Dramaworks has half a dozen drama projects on familiar themes - a haunted house, a space mission and gangs - “classics”, the authors tell us, which they have enjoyed repeating over the years and which, they suggest, are now so well run in that they may be used successfully with all ages and abilities from primary to post-graduate students. Form and content, one might say, coincide perfectly in this little volume with both the paper and the ideas 100 per cent recycled.

The projects - or “pretexts” as Owens and Barber call them - are preceded by a mission statement, which, in the manner of such declarations, combines high-mindedness (“the human need to symbolise meaning”) and vacuous assertion (“the drama process can be empowering”) in equal measure. This is followed by back-of-the-packet instructions on how to perform drama-in-education tricks such as “speech bubbles”. Those in the know will recognise the jargon, but teachers not familiar with curiosities like “mantle of the expert” will find it hard going, especially when in one “pretext” the teacher is supposed to be “in role” as a porcupine.

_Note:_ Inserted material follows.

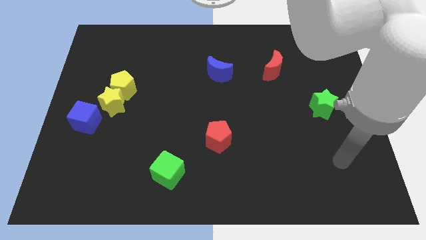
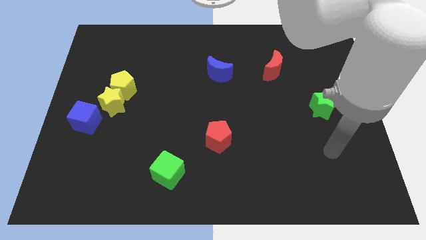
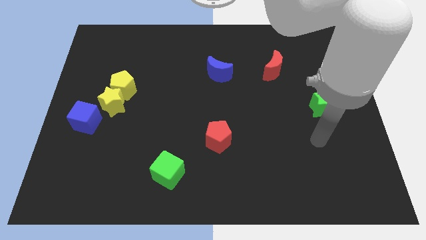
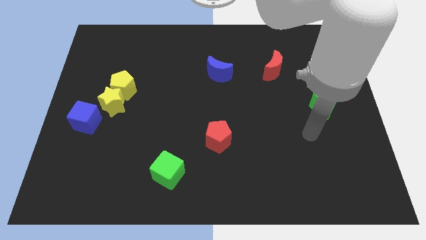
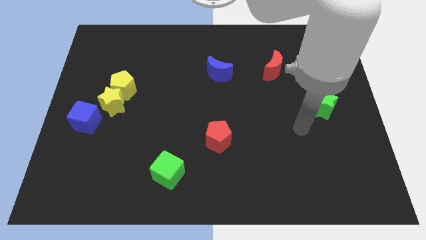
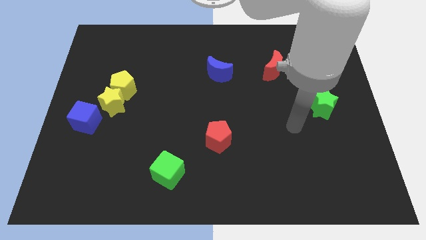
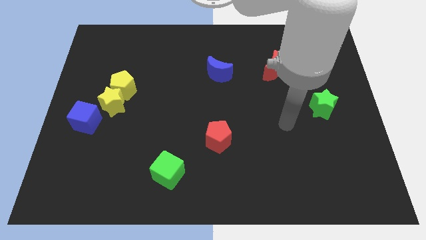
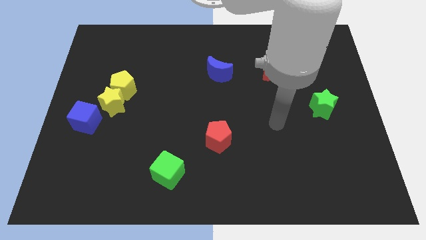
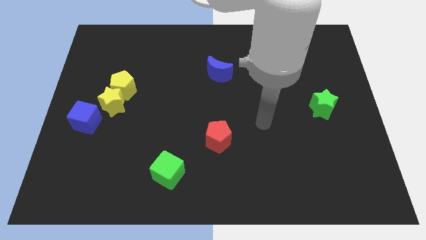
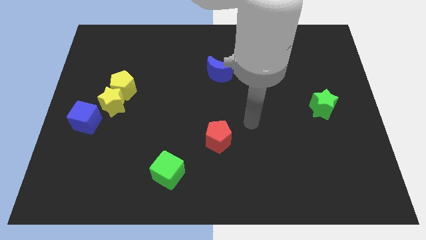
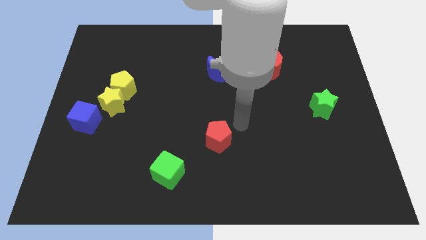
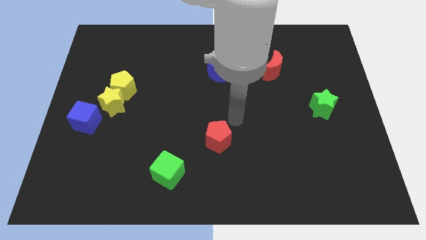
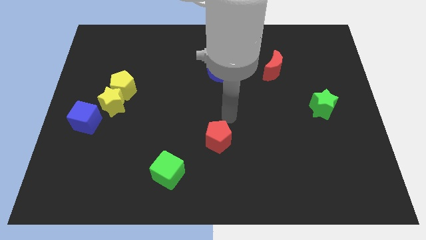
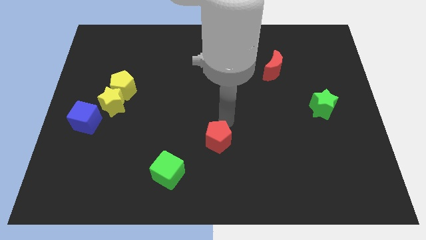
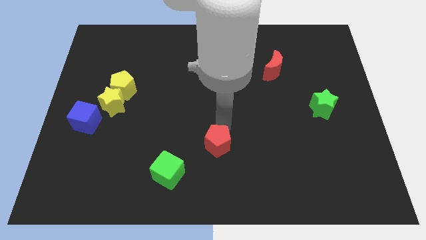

It’s a bit pedestrian. The style is awkward, making the book a struggle to read, and one is left wondering what on earth these activities are for? Although Owens and Barber list what they call “possible learning areas” for each project, these turn out to be vague - “oppression”, “assertiveness”, and “revenge” - and there are no suggestions as to how pupils’ progression through the exercises that make up the “pretexts” might be assessed.

This task is not made easier by the authors’ failure to see any problem about giving the same tasks to Year 5 pupils as to students with Firsts in Theatre Arts. One awaits their next book, which promises to explain such matters, with interest.

Finally, it is extraordinary that a handbook for teachers can be published in England without reference to the national curriculum. Dramaworks seems to be trapped in a time warp, the “pretexts” hanging in educational limbo. I cannot imagine many teachers having the energy to struggle through the gobbledegook to reach them.